__Your assignment__
Which of the lines below mention the word "linkURL"? Pull each one out.

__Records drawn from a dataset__

·····

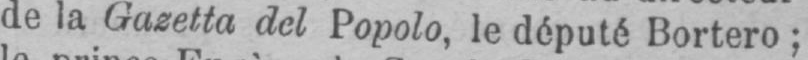
de la Gazetta del Popolo, le député Bortero;
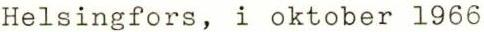
Helsingfors, i oktober l966
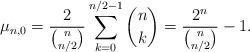
LaTeX: \begin{align*} \mu_{n,0} = \frac{2}{\binom{n}{n/2}} \sum_{k=0}^{n/2-1}\binom{n}{k} = \frac{2^n}{\binom{n}{n/2}} - 1. \end{align*}
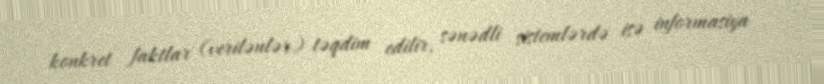
konkret faktlar (verilənlər) təqdim edilir, sənədli sistemlərdə isə informasiya
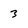
Character: 3
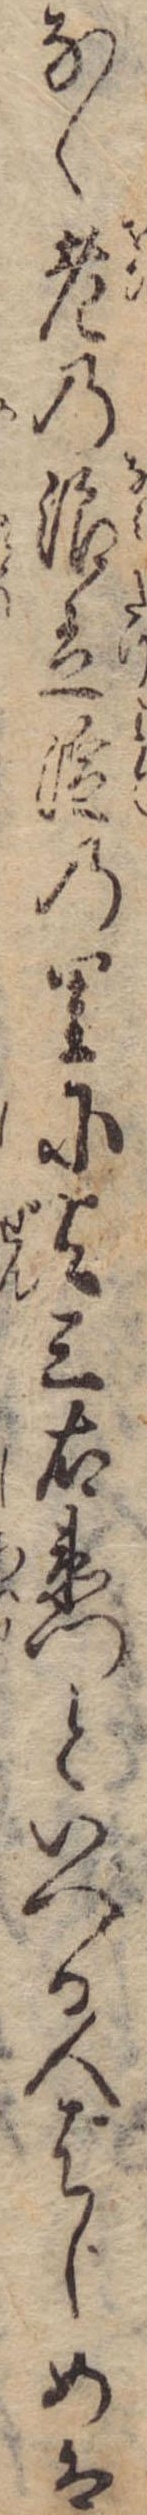
なく老の浪立淀の里に与三右衛門といへる人はしめは
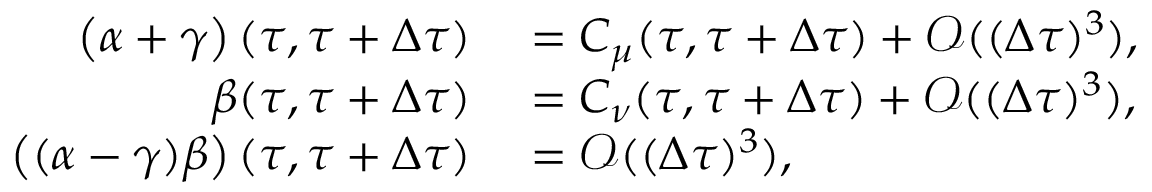
\begin{array} { r l } { \left( \alpha + \gamma \right) ( \tau , \tau + \Delta \tau ) } & { { } = C _ { \mu } ( \tau , \tau + \Delta \tau ) + \mathscr { O } ( ( \Delta \tau ) ^ { 3 } ) , } \\ { \beta ( \tau , \tau + \Delta \tau ) } & { { } = C _ { \nu } ( \tau , \tau + \Delta \tau ) + \mathscr { O } ( ( \Delta \tau ) ^ { 3 } ) , } \\ { \left( ( \alpha - \gamma ) \beta \right) ( \tau , \tau + \Delta \tau ) } & { { } = \mathscr { O } ( ( \Delta \tau ) ^ { 3 } ) , } \end{array}
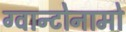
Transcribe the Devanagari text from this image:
ग्वान्टोनामो
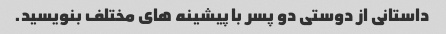
داستانی از دوستی دو پسر با پیشینه های مختلف بنویسید.
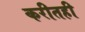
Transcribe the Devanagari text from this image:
करीतही
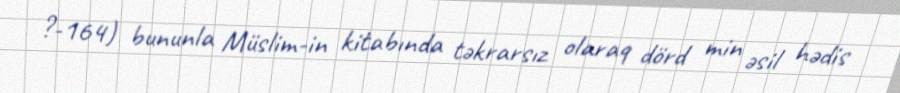
?-164) bununla Müslim-in kitabında təkrarsız olaraq dörd min əsil hədis
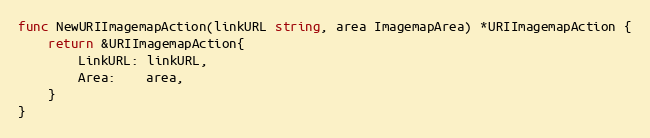
Language: Go
func NewURIImagemapAction(linkURL string, area ImagemapArea) *URIImagemapAction {
	return &URIImagemapAction{
		LinkURL: linkURL,
		Area:    area,
	}
}
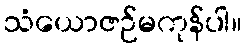
သံယောဇဉ်မကုန်ပါ။
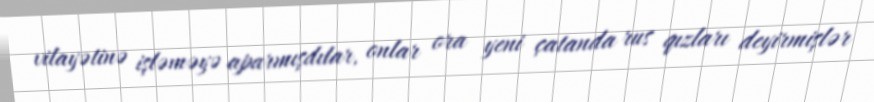
vilayətinə işləməyə aparmışdılar, onlar ora yeni çatanda rus qızları deyirmişlər
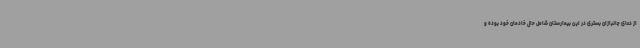
از دعای جانبازان بستری در این بیمارستان شامل حال خادمان خود بوده و
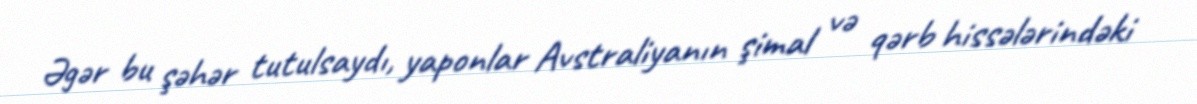
Əgər bu şəhər tutulsaydı, yaponlar Avstraliyanın şimal və qərb hissələrindəki
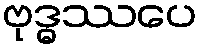
ဗုဒ္ဓဿပေ
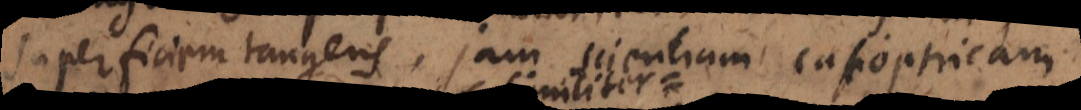
superficiem tangens, jam scientiam catoptrica
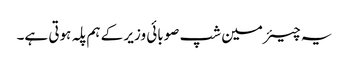
یہ چیئرمین شپ صوبائی وزیر کے ہم پلہ ہوتی ہے۔
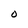
Character: O
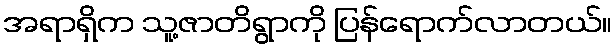
အရာရှိက သူ့ဇာတိရွာကို ပြန်ရောက်လာတယ်။

·····

__Finished task__
func NewURIImagemapAction(linkURL string, area ImagemapArea) *URIImagemapAction {
		LinkURL: linkURL,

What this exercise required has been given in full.